#### Work instruction:
All of the entries below need repeating exactly, apart from their images.

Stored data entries

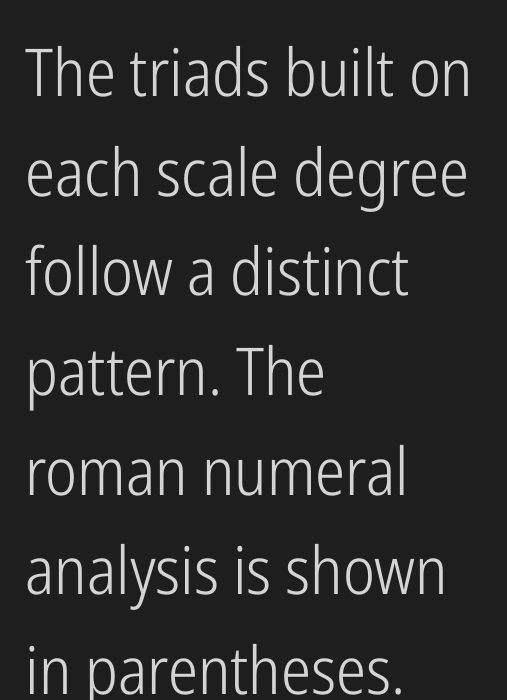
Q: Is the text bold? A: No.
Q: Is the text italic (slanted)? A: No, it is upright.
Q: Is the typeface a serif or a sans-serif typeface? A: Sans-serif.
Q: Is the text underlined? A: No.
Q: How is the paragraph aligned? A: Left-aligned.
Q: Is the spacing between letters normal or unusually wide? A: Normal.
Q: Is the spacing between lines tight, normal or loose? A: Normal.
Q: Width (condensed, normal, or wide)? A: Condensed.
Q: Stroke contrast? A: Low.
Q: x-height? A: Medium.
Q: Monospaced? A: No.
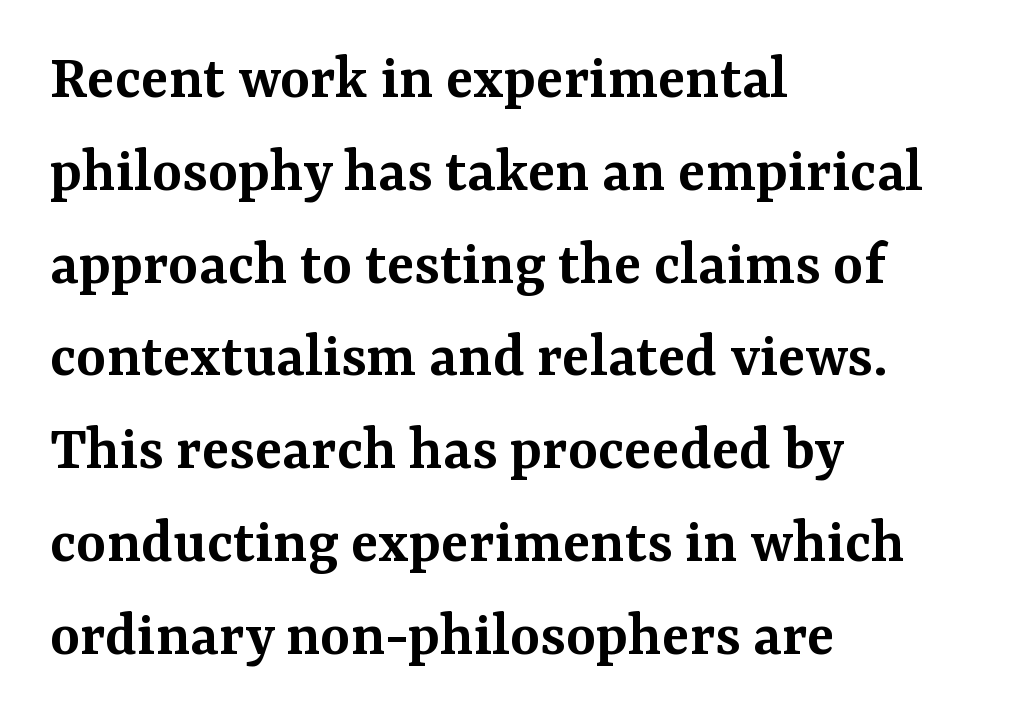
{"serif": "yes", "italic": "no", "bold": "semi", "weight": "semibold", "width": "normal", "stroke_contrast": "medium", "x_height": "medium", "monospaced": "no", "underline": "no", "align": "left", "line_spacing": "normal", "line_spacing_ratio": 1.45, "letter_spacing": "normal", "letter_spacing_em": 0.0, "glyph_px": 64}
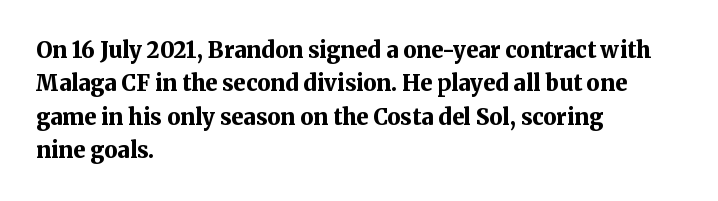
Q: Is the text bold? A: Yes.
Q: Is the text italic (slanted)? A: No, it is upright.
Q: Is the text underlined? A: No.
Q: How is the paragraph aligned? A: Left-aligned.
Q: Is the spacing between letters normal or unusually wide? A: Normal.
Q: Is the spacing between lines tight, normal or loose? A: Normal.
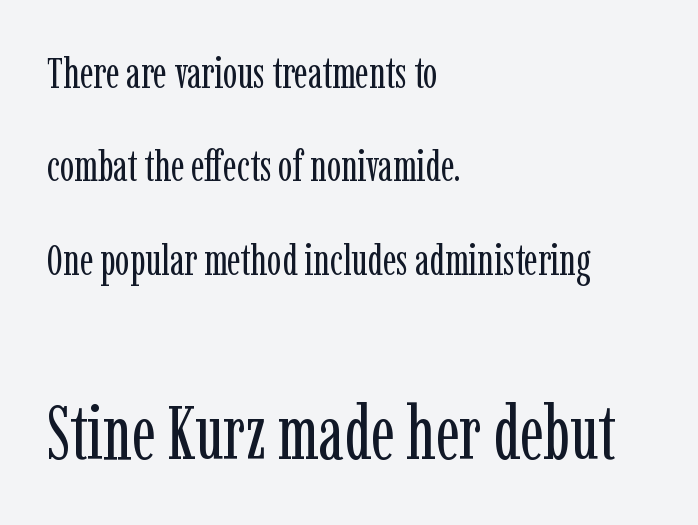
The typeface has the unassuming heft of standard copy or less. Type style note: has serifs. Every stem runs plumb, perpendicular to the baseline. Letter spacing: default. The rendering enlarges the type as you move from the upper chunk to the lower. Nobody drew a line under any word here.
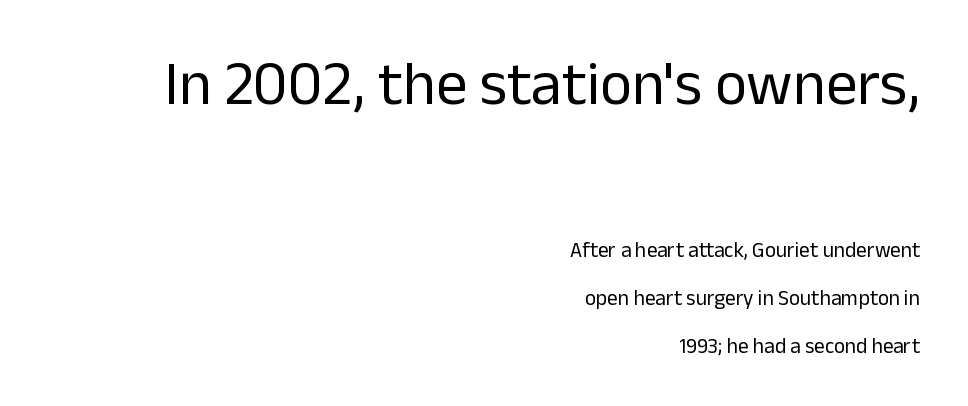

#### Result of this exercise:
Q: Is the text bold? A: No.
Q: Is the text italic (slanted)? A: No, it is upright.
Q: Is the typeface a serif or a sans-serif typeface? A: Sans-serif.
Q: Is the text underlined? A: No.
Q: How is the paragraph aligned? A: Left-aligned.
Q: Is the spacing between letters normal or unusually wide? A: Normal.
Q: Is the spacing between lines tight, normal or loose? A: Normal.
Q: Width (condensed, normal, or wide)? A: Condensed.
Q: Stroke contrast? A: Low.
Q: x-height? A: Medium.
Q: Monospaced? A: No.
{"serif": "yes", "italic": "no", "bold": "semi", "weight": "semibold", "width": "normal", "stroke_contrast": "medium", "x_height": "medium", "monospaced": "no", "underline": "no", "align": "left", "line_spacing": "normal", "line_spacing_ratio": 1.45, "letter_spacing": "normal", "letter_spacing_em": 0.0, "glyph_px": 64}
Q: Is the text bold? A: Yes.
Q: Is the text italic (slanted)? A: No, it is upright.
Q: Is the text underlined? A: No.
Q: How is the paragraph aligned? A: Left-aligned.
Q: Is the spacing between letters normal or unusually wide? A: Normal.
Q: Is the spacing between lines tight, normal or loose? A: Normal.
The typeface has the unassuming heft of standard copy or less. Type style note: has serifs. Every stem runs plumb, perpendicular to the baseline. Letter spacing: default. The rendering enlarges the type as you move from the upper chunk to the lower. Nobody drew a line under any word here.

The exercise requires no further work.